Exactly reproduce the line containing "Question: Considering the" together with every line after it, through the end of the entries, and give nothing more.

▸ **Material to process**:
○ ○ ○

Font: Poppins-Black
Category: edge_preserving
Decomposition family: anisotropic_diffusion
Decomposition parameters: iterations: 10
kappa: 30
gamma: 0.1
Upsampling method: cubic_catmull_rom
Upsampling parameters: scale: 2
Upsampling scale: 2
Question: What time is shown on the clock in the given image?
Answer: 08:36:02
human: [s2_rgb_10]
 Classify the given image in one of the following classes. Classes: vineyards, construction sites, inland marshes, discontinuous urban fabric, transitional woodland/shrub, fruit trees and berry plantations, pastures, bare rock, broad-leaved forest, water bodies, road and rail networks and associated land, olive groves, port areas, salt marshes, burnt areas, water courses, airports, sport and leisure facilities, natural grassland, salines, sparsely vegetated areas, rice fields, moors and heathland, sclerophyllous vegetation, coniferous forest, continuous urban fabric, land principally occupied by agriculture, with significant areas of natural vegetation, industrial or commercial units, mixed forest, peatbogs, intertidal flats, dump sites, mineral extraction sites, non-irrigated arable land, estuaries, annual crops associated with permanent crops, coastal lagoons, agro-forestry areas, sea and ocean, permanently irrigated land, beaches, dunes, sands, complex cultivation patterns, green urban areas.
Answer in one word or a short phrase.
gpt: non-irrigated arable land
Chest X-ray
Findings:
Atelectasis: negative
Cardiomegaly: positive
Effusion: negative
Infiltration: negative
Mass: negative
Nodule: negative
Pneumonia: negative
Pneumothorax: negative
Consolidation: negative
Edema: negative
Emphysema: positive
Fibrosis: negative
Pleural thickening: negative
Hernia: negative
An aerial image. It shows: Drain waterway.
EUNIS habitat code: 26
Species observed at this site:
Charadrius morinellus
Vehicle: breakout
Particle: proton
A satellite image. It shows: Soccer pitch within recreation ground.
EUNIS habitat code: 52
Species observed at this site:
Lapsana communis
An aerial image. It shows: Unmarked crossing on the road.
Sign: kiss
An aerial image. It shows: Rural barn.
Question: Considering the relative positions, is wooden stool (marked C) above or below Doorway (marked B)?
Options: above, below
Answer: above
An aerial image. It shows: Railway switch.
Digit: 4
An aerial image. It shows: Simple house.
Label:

○ ○ ○

▸ **Your response**:
Question: Considering the relative positions, is wooden stool (marked C) above or below Doorway (marked B)?
Options: above, below
Answer: above
An aerial image. It shows: Railway switch.
Digit: 4
An aerial image. It shows: Simple house.
Label:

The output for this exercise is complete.